第三,“良能”是人能够认识仁义的先天结构与资质。“原知见之自生,资于见闻。见闻之所得,因天地之所昭著与人心之所先得。” [9]420(《思问录·内篇》)人所以能把闻见转化为见识,能把古与今、人与物关联在一起,是由于人先天具有认识结构。“能合古今人物为一体者,知见之所得,皆天理之来复而非外至矣。” [9]420(《思问录·内篇》)由于人具有这种认识的良能,所以才能认识五常百德。

第四,王夫之认为,人不仅能认知仁义的良能,还能行仁义的良能。王夫之说:“良者何也?仁也,义也。能仁而不能不仁,能义而不能不义。” [1]735 “好学近乎知,力行近乎仁,知耻近乎勇,人之独而禽兽不得与,人之道也。” [9]402(《思问录·内篇》)他肯定人性中天然包涵着仁义,而人按照仁义行事,把仁义之性实践出来,就是遵循遵循天理、实现天道的过程。

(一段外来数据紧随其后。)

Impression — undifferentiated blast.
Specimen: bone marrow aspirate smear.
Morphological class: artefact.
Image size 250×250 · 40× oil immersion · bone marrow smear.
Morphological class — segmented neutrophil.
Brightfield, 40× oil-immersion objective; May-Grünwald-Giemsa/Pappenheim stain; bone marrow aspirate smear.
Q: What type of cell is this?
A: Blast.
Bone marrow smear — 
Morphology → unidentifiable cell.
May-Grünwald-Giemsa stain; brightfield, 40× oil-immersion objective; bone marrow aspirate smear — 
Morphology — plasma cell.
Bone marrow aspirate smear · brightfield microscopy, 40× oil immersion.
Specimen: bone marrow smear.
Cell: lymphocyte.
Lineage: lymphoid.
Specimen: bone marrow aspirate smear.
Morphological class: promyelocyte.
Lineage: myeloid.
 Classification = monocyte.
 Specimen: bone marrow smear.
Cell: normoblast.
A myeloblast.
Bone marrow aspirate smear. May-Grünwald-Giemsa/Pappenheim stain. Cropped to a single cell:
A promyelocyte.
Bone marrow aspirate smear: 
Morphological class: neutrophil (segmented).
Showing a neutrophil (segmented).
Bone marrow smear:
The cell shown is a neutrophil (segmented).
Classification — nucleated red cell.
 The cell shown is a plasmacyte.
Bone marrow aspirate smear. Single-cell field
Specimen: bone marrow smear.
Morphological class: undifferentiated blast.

第五,王夫之认为,良能与天是关联在一起的。天的理也就是良能的理。“此气化之肇夫神明者,固亦理矣,而实则在天之气化自然必有之几,则但为天之神明以成其变化之妙,斯亦可云化理而已矣。” [1]721(《读四书大全说·孟子·尽心上五》)
 
二、良能的发动者:心

既然人具有仁义之性,又先天具备知仁义、行仁义的良能,那么如何把先天的良能调动激活出来呢?王夫之认为,“心”是良能的发动者。

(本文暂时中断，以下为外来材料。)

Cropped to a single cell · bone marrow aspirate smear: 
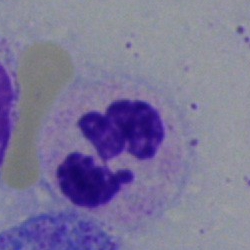
A neutrophil (segmented).
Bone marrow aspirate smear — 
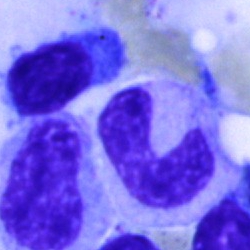The classification is band neutrophil.
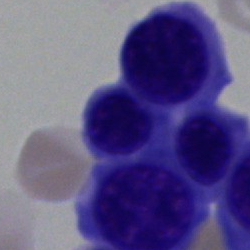Specimen: bone marrow smear.
Classification: normoblast.
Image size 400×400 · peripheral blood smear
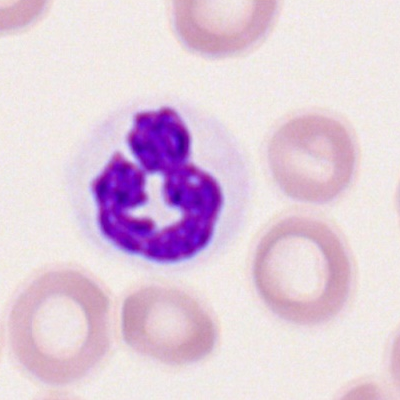

Polymorphonuclear neutrophil.
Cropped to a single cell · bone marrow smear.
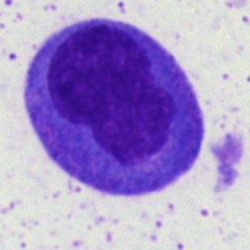

Classification — blast.
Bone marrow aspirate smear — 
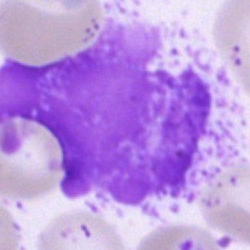 The cell shown is an artefact.
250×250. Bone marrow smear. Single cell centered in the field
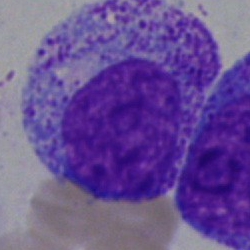 Q: What type of cell is this?
A: It is a promyelocyte.
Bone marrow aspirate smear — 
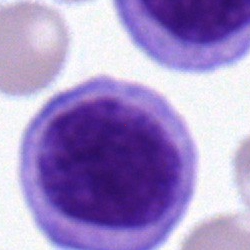Single cell identified as a typical lymphocyte.
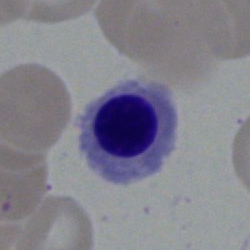

Impression → nucleated red blood cell.

王夫之注意到心灵对于身体具有统领作用。“一人之身, 居要者心也。而心之神明, 散寄于五藏, 待感于五官。......无目而心不辨色 , 无耳而心不知声, 无手足而心无能指使, 一官失用而心之灵已废矣。其能孤挖一心以细群用, 而可效其灵乎’? ” [5]151 (《尚书引义·毕命》)如果没有心发出指令,身体就不会自我感知,也不会与外界事物发生关联。于此同时,身体也是心灵的执行者。没有身体,心灵就不能获得外界的信息,无法与外部世界互动。

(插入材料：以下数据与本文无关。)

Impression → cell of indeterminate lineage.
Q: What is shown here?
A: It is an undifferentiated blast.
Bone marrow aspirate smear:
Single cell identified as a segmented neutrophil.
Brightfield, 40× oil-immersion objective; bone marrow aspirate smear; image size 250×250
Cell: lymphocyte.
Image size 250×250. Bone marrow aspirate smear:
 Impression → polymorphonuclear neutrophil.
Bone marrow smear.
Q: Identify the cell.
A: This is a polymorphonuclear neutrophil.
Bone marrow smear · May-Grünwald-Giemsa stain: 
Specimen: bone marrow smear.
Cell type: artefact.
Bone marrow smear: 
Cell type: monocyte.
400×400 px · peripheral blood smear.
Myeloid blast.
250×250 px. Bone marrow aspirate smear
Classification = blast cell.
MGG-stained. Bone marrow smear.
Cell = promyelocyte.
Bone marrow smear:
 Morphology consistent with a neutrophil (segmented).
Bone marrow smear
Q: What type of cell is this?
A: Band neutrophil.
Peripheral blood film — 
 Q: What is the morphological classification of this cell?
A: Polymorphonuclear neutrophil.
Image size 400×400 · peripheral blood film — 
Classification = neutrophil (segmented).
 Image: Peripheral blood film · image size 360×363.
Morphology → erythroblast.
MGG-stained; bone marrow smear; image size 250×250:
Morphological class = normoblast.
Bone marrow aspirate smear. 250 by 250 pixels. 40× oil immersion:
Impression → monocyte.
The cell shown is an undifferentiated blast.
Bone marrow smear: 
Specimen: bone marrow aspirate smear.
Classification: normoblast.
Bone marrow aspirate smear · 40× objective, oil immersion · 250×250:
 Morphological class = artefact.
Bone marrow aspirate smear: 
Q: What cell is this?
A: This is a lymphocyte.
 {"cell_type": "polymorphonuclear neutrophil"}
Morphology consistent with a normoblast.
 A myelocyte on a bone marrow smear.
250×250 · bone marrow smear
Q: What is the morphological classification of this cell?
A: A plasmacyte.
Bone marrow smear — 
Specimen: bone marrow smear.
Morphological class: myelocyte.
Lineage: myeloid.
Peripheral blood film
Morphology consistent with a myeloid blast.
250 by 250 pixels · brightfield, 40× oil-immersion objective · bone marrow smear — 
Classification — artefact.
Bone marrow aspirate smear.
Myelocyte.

王夫之认为,人主要是通过感官去感知世界、获得基本信息,以此建立对世界的初步认识。但通过视听所获得的感知仅是表层的现象,而一些复杂的现象,比如有些缺乏外在表现却客观存在的规律、气氛、情感等,是视听所不能感知的。但“心”却不仅能够调动、统合感官,去感知世界的形式、现象,还能发现、感受、认识不可闻见为、更复杂的事物的本质和规律。这是“心”区别于其他器官的独特的能力。王夫之说:“声色之丽耳目,一见闻之而然,虽进求之而亦然;但为物所蔽而蔽尽于物。岂如心之愈思而愈得,物所已有者,无不表里而之具悉”。[1]697(《读四书大全说·孟子·告子上》)心灵所具有的这种认识能力是人所特有的。“形”是人的身体;“神”指的是人的心灵,物指的是客观事物。人的心灵能够调动人的身体的感知觉和行动与外界世界建立感通和联系: “耳有聪,目有明,心思有睿知。入天下之声音研其理者,人之道也。” [1]458(《读四书大全说·论语·季氏篇》)如果不能积极调动和发挥心灵的能力去发现世界的规律,就不能彰显人异于禽兽的卓越性。

值得指出的是,心灵的功能并不能全部指向仁义。王夫之认为,心会受到“非理”等外界环境的干扰,如果放任心灵自由活动,那么心灵的能力(“职”)就不会向仁义努力,人就会虚妄,放浪形骸。因此,只有遵循仁义之性,对心灵严加管理,心的职能发挥到最好,仁义之性才能显现。也就是说尽管“仁义者,心之实也”,但心也是由气构成,“若天之有阴阳也,知觉运动,心之几也,若阴阳之有变合也。” [1]502(《读四书大全说·孟子·梁惠王上》)当心向“阴”运动时,所产生的认知就不是善的认知,就不能发动仁义的良能。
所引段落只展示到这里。